Inference with TorchScript

import torch

# Load -- no molfun installation needed
model = torch.jit.load("model.pt", map_location="cuda:0")

aatype = torch.zeros(1, 128, dtype=torch.long, device="cuda:0")
residue_index = torch.arange(128, device="cuda:0").unsqueeze(0)

with torch.no_grad():
    output = model(aatype, residue_index)
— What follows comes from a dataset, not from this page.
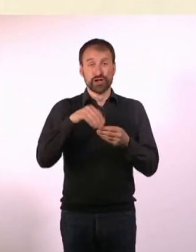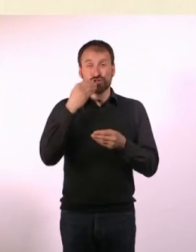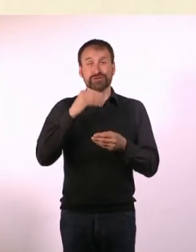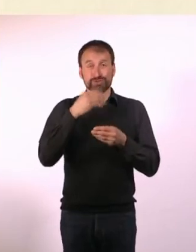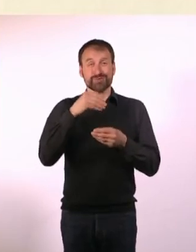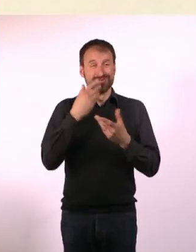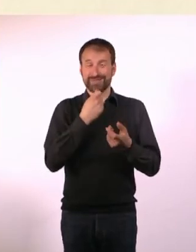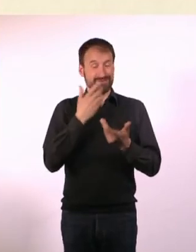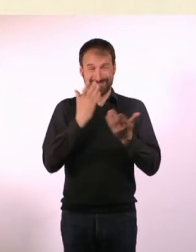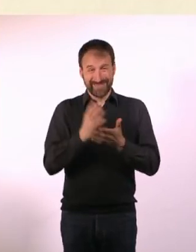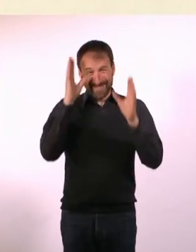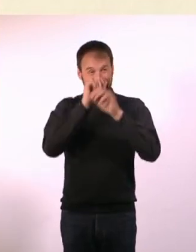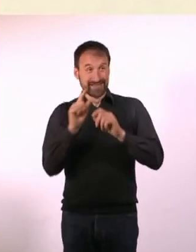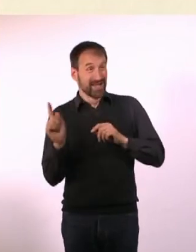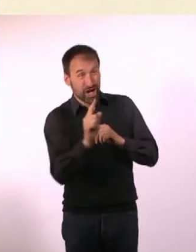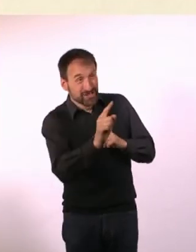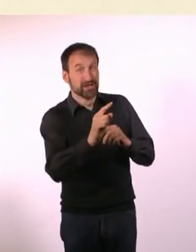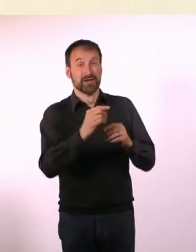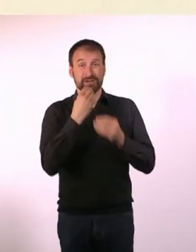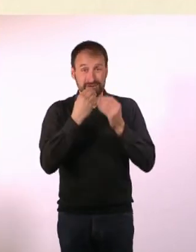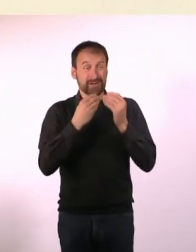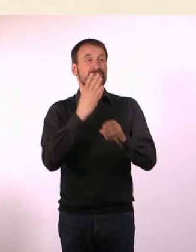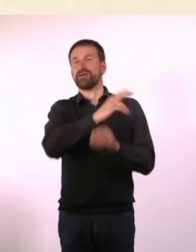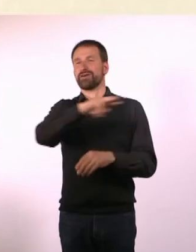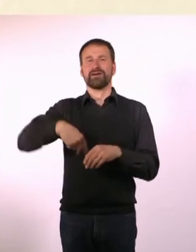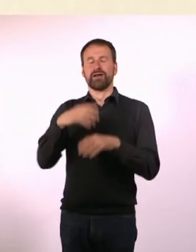Nachts also kurz raus zum Einkaufen und dann wieder im Zimmer versteckt.

C++ inference with LibTorch

#include <torch/script.h>

int main() {
    torch::jit::script::Module model = torch::jit::load("model.pt");
    model.to(torch::kCUDA);

    auto aatype = torch::zeros({1, 128}, torch::dtype(torch::kLong).device(torch::kCUDA));
    auto residue_index = torch::arange(128, torch::dtype(torch::kLong).device(torch::kCUDA))
                            .unsqueeze(0);

    auto output = model.forward({aatype, residue_index}).toTensor();
    std::cout << "Output shape: " << output.sizes() << std::endl;
    return 0;
}

Model optimization and simplification

ONNX simplification

The simplify=True flag runs onnx-simplifier, which:

  • Folds constant expressions
  • Eliminates redundant nodes
  • Simplifies the graph structure
pip install onnxsim

TorchScript optimization

The optimize=True flag applies torch.jit.optimize_for_inference, which:

  • Fuses operations (Conv+BN, Linear+ReLU)
  • Eliminates dead code
  • Optimizes memory layout

Deployment considerations

Consideration ONNX TorchScript
Runtime ONNX Runtime, TensorRT, OpenVINO LibTorch (C++/Python), TorchServe
Dynamic shapes Supported via dynamic_axes Supported natively with trace
Quantization ONNX Runtime quantization tools torch.quantization
Mobile ONNX Runtime Mobile PyTorch Mobile / ExecuTorch
GPU optimization TensorRT acceleration optimize_for_inference
No Python needed Yes Yes (LibTorch C++)

Which format to choose

  • Use ONNX if you need cross-framework compatibility or TensorRT acceleration.
  • Use TorchScript if you are deploying within the PyTorch ecosystem or need C++ integration via LibTorch.